§ **RECORDS TO USE**:
--------------------------------

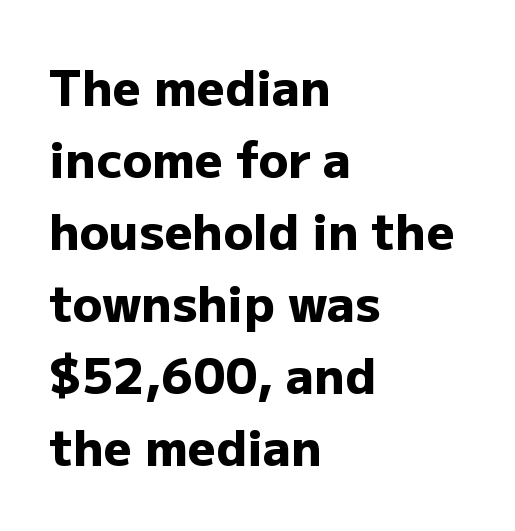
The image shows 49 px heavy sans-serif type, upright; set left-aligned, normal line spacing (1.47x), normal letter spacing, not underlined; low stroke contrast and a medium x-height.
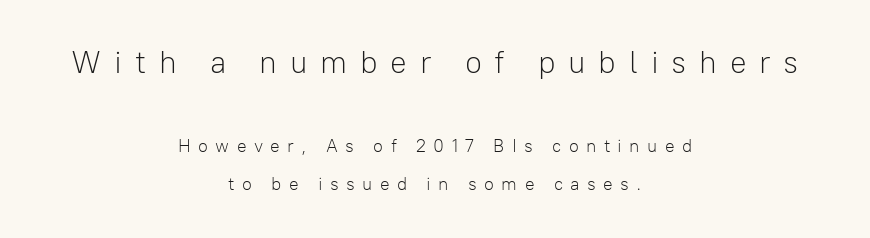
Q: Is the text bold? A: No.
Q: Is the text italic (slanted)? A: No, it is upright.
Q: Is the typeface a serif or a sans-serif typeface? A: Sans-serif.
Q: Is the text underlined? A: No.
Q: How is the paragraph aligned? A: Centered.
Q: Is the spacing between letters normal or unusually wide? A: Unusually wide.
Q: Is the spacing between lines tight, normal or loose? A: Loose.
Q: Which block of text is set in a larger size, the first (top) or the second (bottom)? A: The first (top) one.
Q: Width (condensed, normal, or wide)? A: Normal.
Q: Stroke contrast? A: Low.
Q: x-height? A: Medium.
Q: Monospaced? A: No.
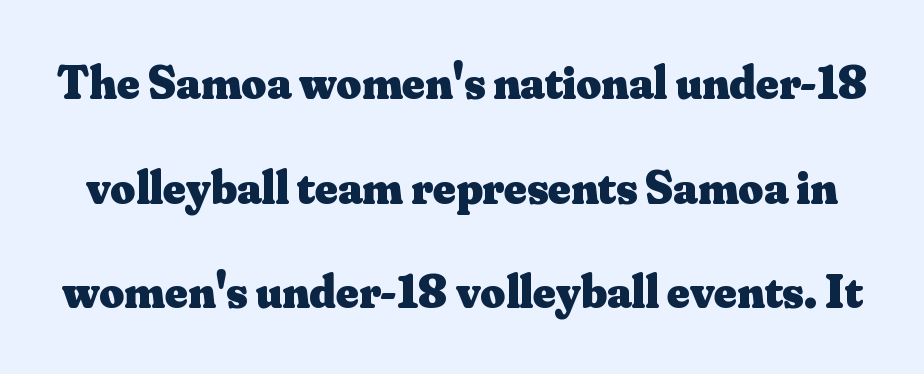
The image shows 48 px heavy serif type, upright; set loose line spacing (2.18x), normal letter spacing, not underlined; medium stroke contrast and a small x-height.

--------------------------------

§ **WORK ITEM**:
Copy exactly the lines from the line that holds "Q: How is the paragraph aligned? A: Centered." to the end of the listing, both included. Leave the pictures out.

§ **ANSWER TO THIS TASK**:
Q: How is the paragraph aligned? A: Centered.
Q: Is the spacing between letters normal or unusually wide? A: Unusually wide.
Q: Is the spacing between lines tight, normal or loose? A: Loose.
Q: Which block of text is set in a larger size, the first (top) or the second (bottom)? A: The first (top) one.
Q: Width (condensed, normal, or wide)? A: Normal.
Q: Stroke contrast? A: Low.
Q: x-height? A: Medium.
Q: Monospaced? A: No.
The image shows 48 px heavy serif type, upright; set loose line spacing (2.18x), normal letter spacing, not underlined; medium stroke contrast and a small x-height.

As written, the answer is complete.